§ **What needs to be done**: Could the listing below be returned exactly, with its pictures left out?

§ **Data for this task**:

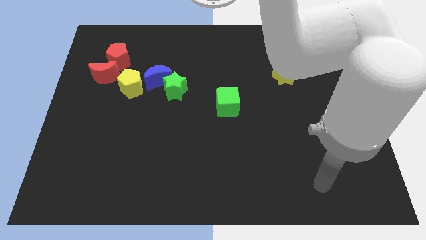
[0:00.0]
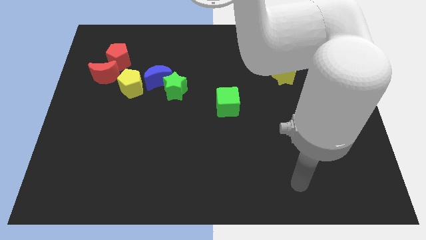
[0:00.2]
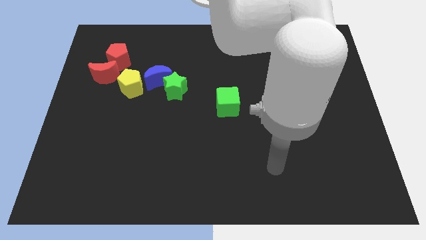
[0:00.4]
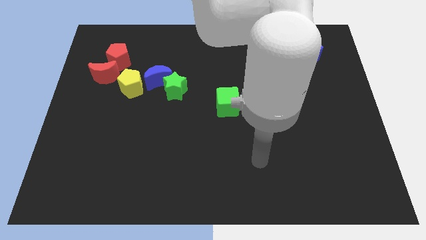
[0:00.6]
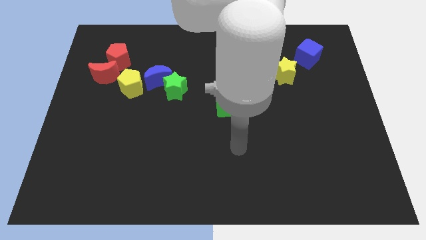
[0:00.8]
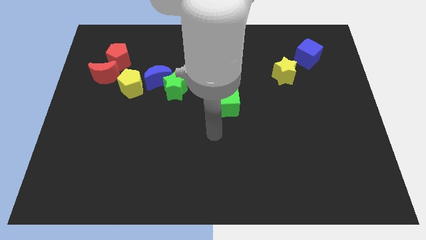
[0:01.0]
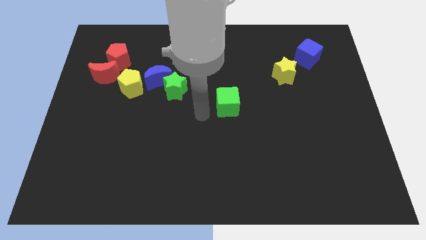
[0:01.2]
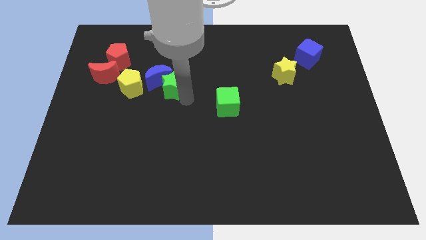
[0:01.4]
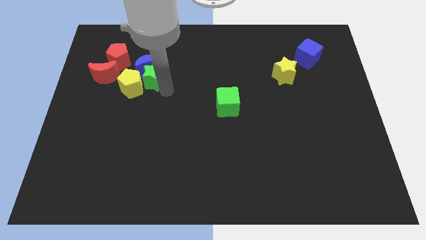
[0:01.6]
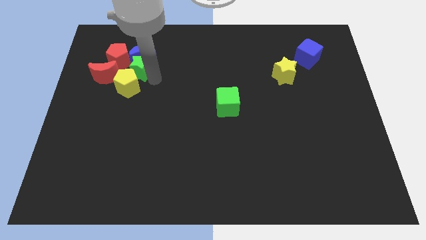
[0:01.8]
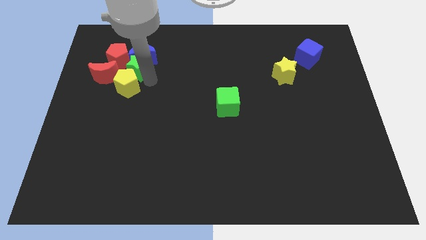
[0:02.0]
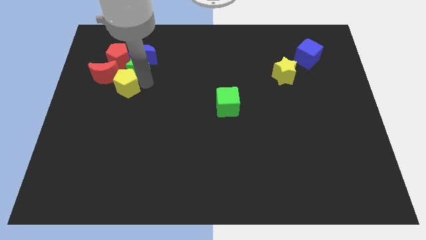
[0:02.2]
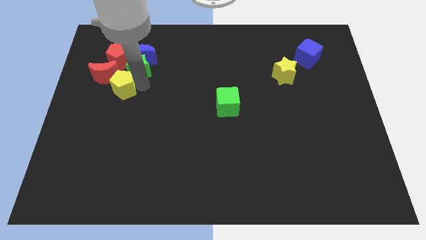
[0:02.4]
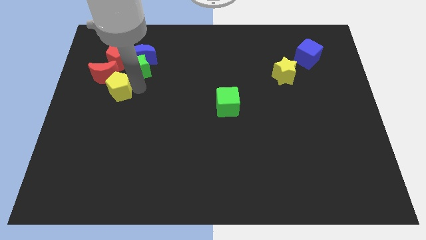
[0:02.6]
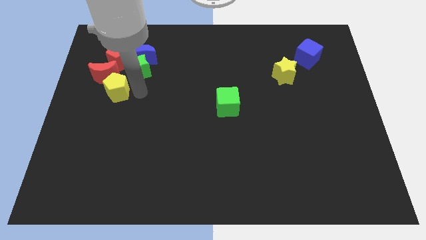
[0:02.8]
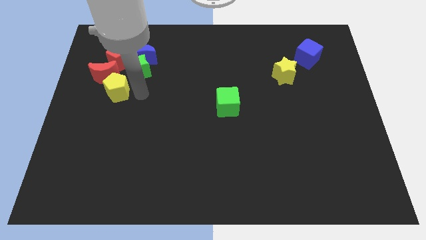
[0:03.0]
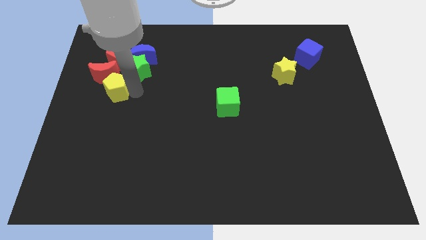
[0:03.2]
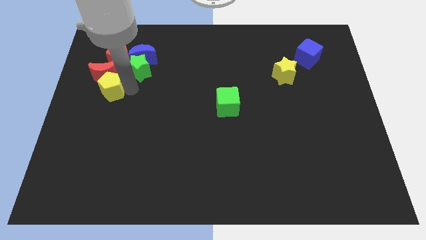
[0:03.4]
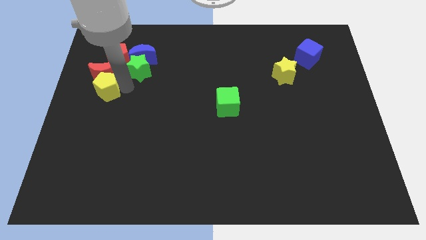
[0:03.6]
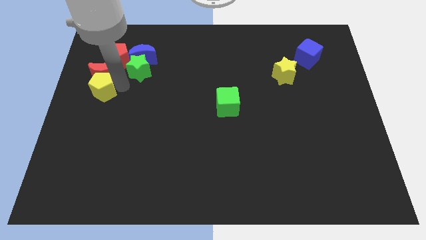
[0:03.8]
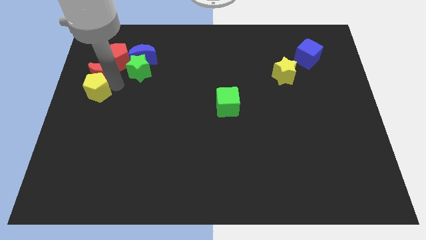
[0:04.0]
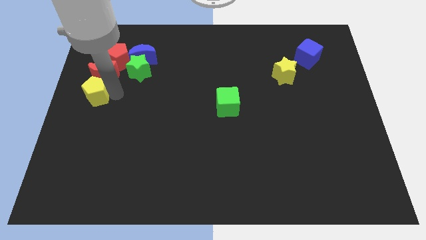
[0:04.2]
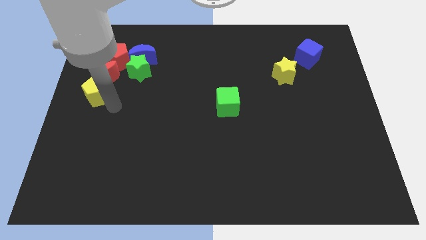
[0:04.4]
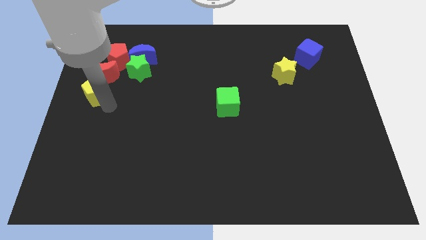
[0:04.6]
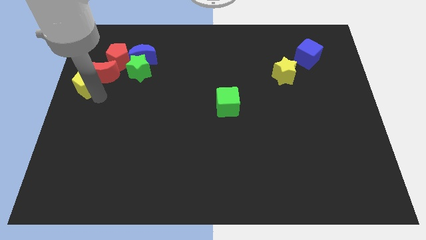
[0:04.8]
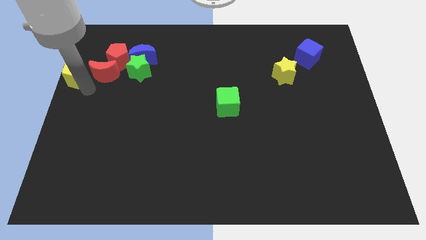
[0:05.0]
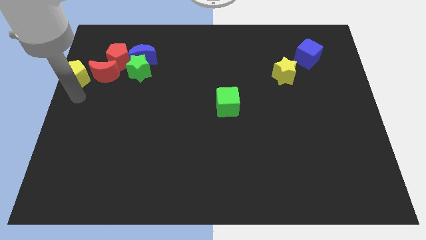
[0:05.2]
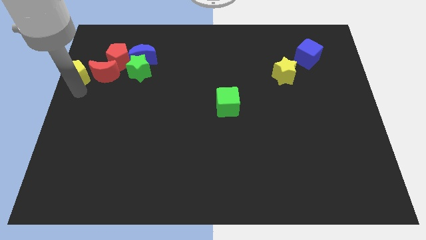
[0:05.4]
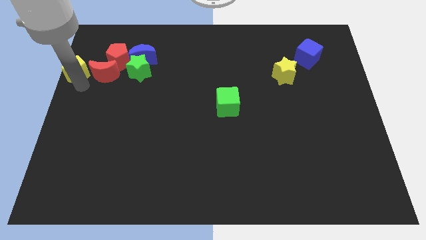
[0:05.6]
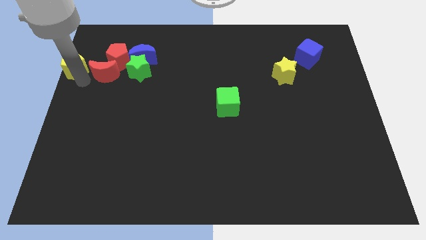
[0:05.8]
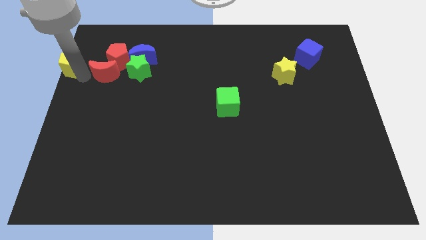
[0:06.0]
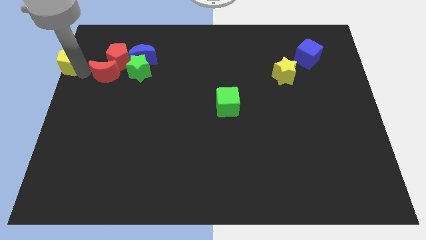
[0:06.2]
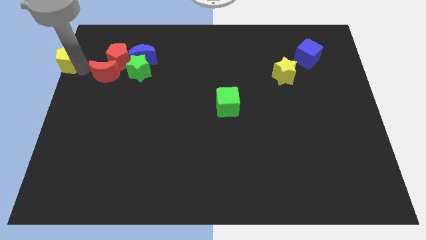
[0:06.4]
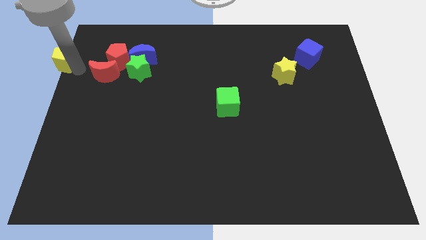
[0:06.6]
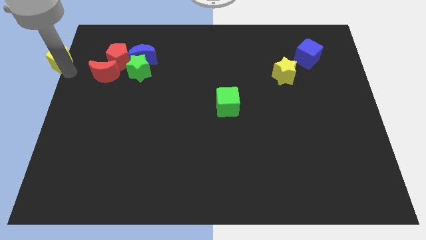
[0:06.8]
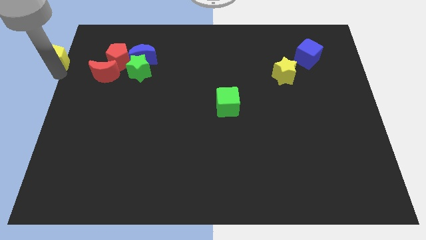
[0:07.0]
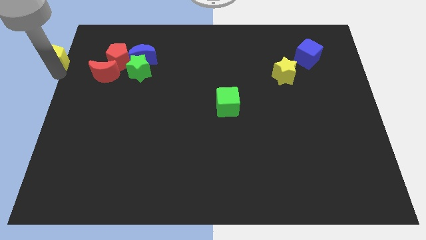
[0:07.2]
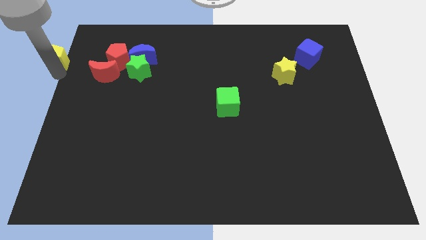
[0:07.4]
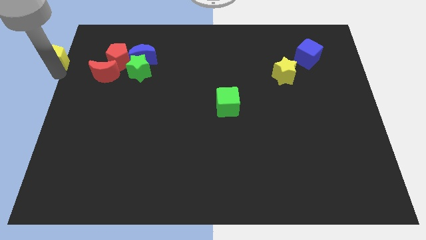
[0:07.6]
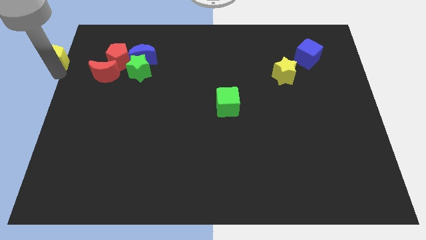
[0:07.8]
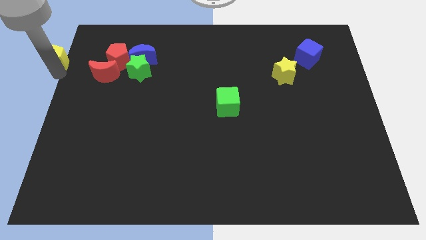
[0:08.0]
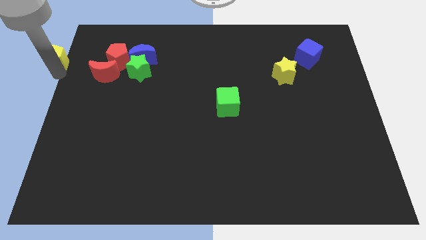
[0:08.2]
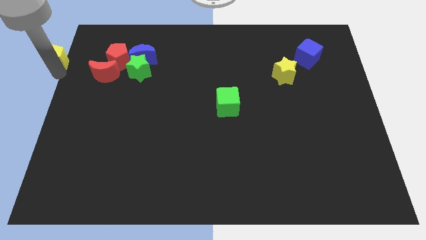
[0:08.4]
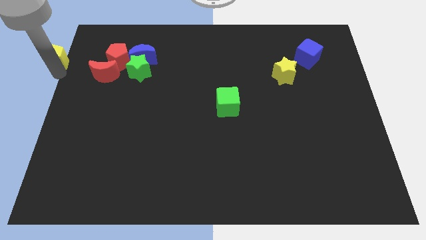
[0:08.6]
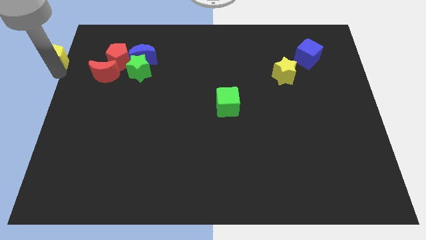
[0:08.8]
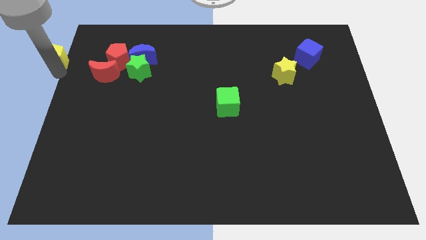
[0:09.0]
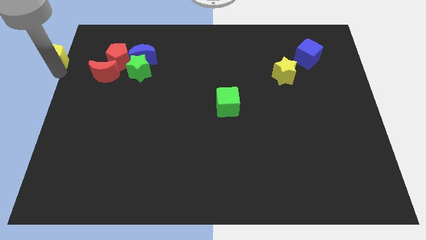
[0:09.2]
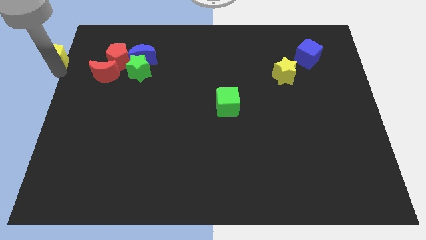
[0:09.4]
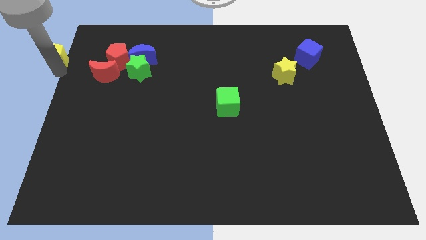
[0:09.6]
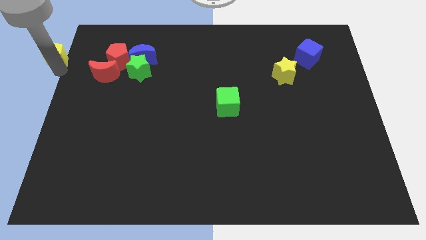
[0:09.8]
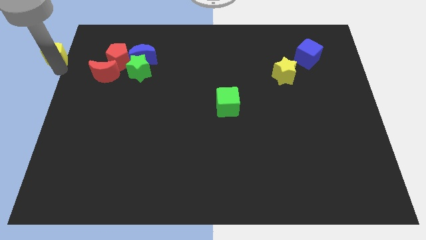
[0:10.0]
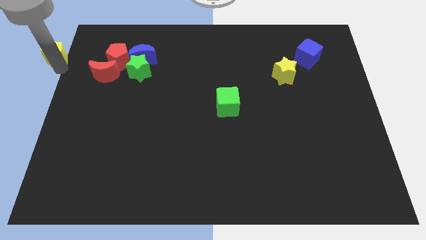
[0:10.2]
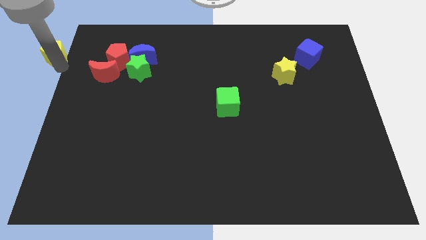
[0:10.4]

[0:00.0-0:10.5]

§ **Answer box**:
[0:00.0]
[0:00.2]
[0:00.4]
[0:00.6]
[0:00.8]
[0:01.0]
[0:01.2]
[0:01.4]
[0:01.6]
[0:01.8]
[0:02.0]
[0:02.2]
[0:02.4]
[0:02.6]
[0:02.8]
[0:03.0]
[0:03.2]
[0:03.4]
[0:03.6]
[0:03.8]
[0:04.0]
[0:04.2]
[0:04.4]
[0:04.6]
[0:04.8]
[0:05.0]
[0:05.2]
[0:05.4]
[0:05.6]
[0:05.8]
[0:06.0]
[0:06.2]
[0:06.4]
[0:06.6]
[0:06.8]
[0:07.0]
[0:07.2]
[0:07.4]
[0:07.6]
[0:07.8]
[0:08.0]
[0:08.2]
[0:08.4]
[0:08.6]
[0:08.8]
[0:09.0]
[0:09.2]
[0:09.4]
[0:09.6]
[0:09.8]
[0:10.0]
[0:10.2]
[0:10.4]

[0:00.0-0:10.5]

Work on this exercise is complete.